Uriel Shows Ezra the End Before the Beginning
Ezra cannot sleep in Babylon and demands to know why Israel suffers. Uriel takes him back before creation to show how the ending was always built in.
Table of Contents
The Man Who Could Not Stop Calculating
Thirty years after Babylon burned Jerusalem to the ground, Ezra lay on his bed in the city of his captors and could not sleep. His mind would not stop. Everywhere he looked, the arithmetic of the covenant came out wrong. God had chosen Israel. God had given them the Torah, bending the heavens and shaking the earth to do it, passing his glory through four gates of fire and earthquake and wind and ice. He had picked one vine from every forest, one lily from every field.
And then delivered them to Babylon.
Meanwhile, the nations who had received no Torah, who had made no covenant, who had never stood at Sinai, ruled. They devoured. They built empires on the ruins of what had been given to Israel. The math did not work. Ezra did not want comfort. He wanted the equation explained.
Before the Portals of the World
The angel Uriel arrived. Not to comfort but to demonstrate. He took Ezra back to a time before the world existed, before the portals were in place, before the winds blew or thunder sounded, before the innumerable hosts of angels were gathered, before paradise was laid or its flowers were seen. Before the beginning of anything.

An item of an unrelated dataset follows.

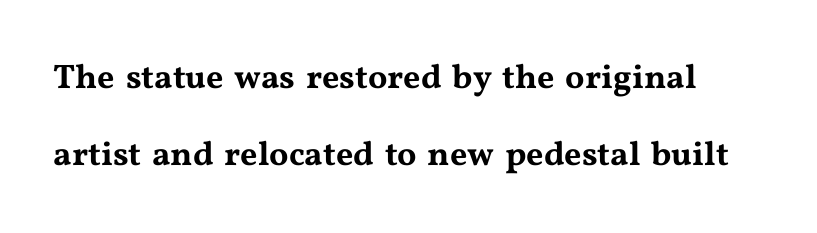
The image shows 34 px wide serif type, upright; set loose line spacing (2.27x), normal letter spacing, not underlined; medium stroke contrast and a medium x-height.

"I planned these things," God said through the angel, "and they were made through me and not through another. Just as the end shall come through me and not through another."
This was not an answer to why. It was an answer to who. The one who had made the covenant was the same one who had allowed the catastrophe. The same author. The same architect. If Ezra wanted to understand the ending, he had to understand that the beginning and the ending had the same source.

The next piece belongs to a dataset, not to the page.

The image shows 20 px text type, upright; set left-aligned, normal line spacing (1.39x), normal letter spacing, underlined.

The Question About the Womb
Uriel gave Ezra a test. "Can you weigh fire? Can you measure the wind? Can you bring back yesterday?" Ezra said: "No one can do that."
"Then I cannot tell you why Israel suffers and the ungodly prosper," Uriel said. "The questions are the same kind. You are asking to understand something that operates on the level at which fire is weighed and wind is measured. Your mind was not built for that altitude."

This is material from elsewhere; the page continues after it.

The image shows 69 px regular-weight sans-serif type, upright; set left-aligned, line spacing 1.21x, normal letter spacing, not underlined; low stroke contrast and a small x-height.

Ezra pushed back. He had not come to be told the question was unanswerable. He had come because he was drowning in the unanswered question and he needed something. Uriel gave him a different frame: the present age and the age to come are separated by a boundary the way a woman in labor is separated from the moment before she gives birth. The world that is has to end completely before the world that will be can begin. The suffering is the labor, not the permanent condition.
When the Portals Open
Then Uriel showed him the transition. A trumpet blast. Then silence before the second trumpet. During that silence, the new age holds still, not yet arrived, not yet fully open. Like a woman who has just given birth and cannot immediately speak from exhaustion: the new world exists but has not yet caught its breath.
After the silence, the portals of the age to come open in full. The sun shines seven times brighter. The moon shines with the brightness the sun has now. The stars appear in their own light for the first time, light that had been held back while the present age ran its course.
Ezra saw it. He was still lying in his bed in Babylon. The vision did not change his address or his captivity or the ruins of Jerusalem. But the equation he had been running had a different shape now. He had been calculating present loss against past covenant. Uriel had shown him that the calculation had a third term: the end, which had been built into the beginning before the portals of the world were ever opened. The loss was real. The covenant was real. And the ending, which he could not yet see with ordinary eyes, was equally real.